= Problem details =
Take the listing that follows and copy it precisely.

= Working data =
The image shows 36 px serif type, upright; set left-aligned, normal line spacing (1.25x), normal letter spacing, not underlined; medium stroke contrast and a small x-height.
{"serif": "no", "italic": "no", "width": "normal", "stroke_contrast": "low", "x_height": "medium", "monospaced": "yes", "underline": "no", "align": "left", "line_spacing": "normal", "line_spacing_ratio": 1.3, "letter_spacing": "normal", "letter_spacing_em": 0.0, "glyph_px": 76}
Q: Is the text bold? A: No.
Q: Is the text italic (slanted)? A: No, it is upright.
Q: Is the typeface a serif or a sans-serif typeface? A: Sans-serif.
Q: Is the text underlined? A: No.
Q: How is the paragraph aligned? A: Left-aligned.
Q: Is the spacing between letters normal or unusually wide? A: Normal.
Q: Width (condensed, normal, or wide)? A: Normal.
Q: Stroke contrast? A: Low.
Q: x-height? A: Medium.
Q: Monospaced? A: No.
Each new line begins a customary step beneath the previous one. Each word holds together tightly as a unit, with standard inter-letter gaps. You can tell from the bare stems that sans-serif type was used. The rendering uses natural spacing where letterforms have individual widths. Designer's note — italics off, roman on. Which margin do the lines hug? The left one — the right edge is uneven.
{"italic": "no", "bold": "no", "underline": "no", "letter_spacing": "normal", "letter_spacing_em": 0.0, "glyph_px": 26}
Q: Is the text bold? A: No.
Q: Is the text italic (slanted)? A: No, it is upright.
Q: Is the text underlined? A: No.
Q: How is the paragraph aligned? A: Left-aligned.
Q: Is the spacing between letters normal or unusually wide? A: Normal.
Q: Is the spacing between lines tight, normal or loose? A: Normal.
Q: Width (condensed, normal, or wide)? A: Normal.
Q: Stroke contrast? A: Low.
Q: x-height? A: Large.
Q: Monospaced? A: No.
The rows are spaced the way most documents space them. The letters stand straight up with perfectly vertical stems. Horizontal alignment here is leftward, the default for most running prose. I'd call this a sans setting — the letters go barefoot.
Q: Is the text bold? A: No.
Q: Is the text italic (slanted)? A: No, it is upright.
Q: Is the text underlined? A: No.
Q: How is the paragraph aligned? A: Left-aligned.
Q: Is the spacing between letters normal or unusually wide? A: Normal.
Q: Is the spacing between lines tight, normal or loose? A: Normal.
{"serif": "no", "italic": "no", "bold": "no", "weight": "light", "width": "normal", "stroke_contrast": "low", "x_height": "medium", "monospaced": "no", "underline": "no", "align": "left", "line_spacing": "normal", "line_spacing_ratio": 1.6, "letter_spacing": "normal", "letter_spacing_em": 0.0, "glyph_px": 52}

= Output for this exercise =
The image shows 36 px serif type, upright; set left-aligned, normal line spacing (1.25x), normal letter spacing, not underlined; medium stroke contrast and a small x-height.
{"serif": "no", "italic": "no", "width": "normal", "stroke_contrast": "low", "x_height": "medium", "monospaced": "yes", "underline": "no", "align": "left", "line_spacing": "normal", "line_spacing_ratio": 1.3, "letter_spacing": "normal", "letter_spacing_em": 0.0, "glyph_px": 76}
Q: Is the text bold? A: No.
Q: Is the text italic (slanted)? A: No, it is upright.
Q: Is the typeface a serif or a sans-serif typeface? A: Sans-serif.
Q: Is the text underlined? A: No.
Q: How is the paragraph aligned? A: Left-aligned.
Q: Is the spacing between letters normal or unusually wide? A: Normal.
Q: Width (condensed, normal, or wide)? A: Normal.
Q: Stroke contrast? A: Low.
Q: x-height? A: Medium.
Q: Monospaced? A: No.
Each new line begins a customary step beneath the previous one. Each word holds together tightly as a unit, with standard inter-letter gaps. You can tell from the bare stems that sans-serif type was used. The rendering uses natural spacing where letterforms have individual widths. Designer's note — italics off, roman on. Which margin do the lines hug? The left one — the right edge is uneven.
{"italic": "no", "bold": "no", "underline": "no", "letter_spacing": "normal", "letter_spacing_em": 0.0, "glyph_px": 26}
Q: Is the text bold? A: No.
Q: Is the text italic (slanted)? A: No, it is upright.
Q: Is the text underlined? A: No.
Q: How is the paragraph aligned? A: Left-aligned.
Q: Is the spacing between letters normal or unusually wide? A: Normal.
Q: Is the spacing between lines tight, normal or loose? A: Normal.
Q: Width (condensed, normal, or wide)? A: Normal.
Q: Stroke contrast? A: Low.
Q: x-height? A: Large.
Q: Monospaced? A: No.
The rows are spaced the way most documents space them. The letters stand straight up with perfectly vertical stems. Horizontal alignment here is leftward, the default for most running prose. I'd call this a sans setting — the letters go barefoot.
Q: Is the text bold? A: No.
Q: Is the text italic (slanted)? A: No, it is upright.
Q: Is the text underlined? A: No.
Q: How is the paragraph aligned? A: Left-aligned.
Q: Is the spacing between letters normal or unusually wide? A: Normal.
Q: Is the spacing between lines tight, normal or loose? A: Normal.
{"serif": "no", "italic": "no", "bold": "no", "weight": "light", "width": "normal", "stroke_contrast": "low", "x_height": "medium", "monospaced": "no", "underline": "no", "align": "left", "line_spacing": "normal", "line_spacing_ratio": 1.6, "letter_spacing": "normal", "letter_spacing_em": 0.0, "glyph_px": 52}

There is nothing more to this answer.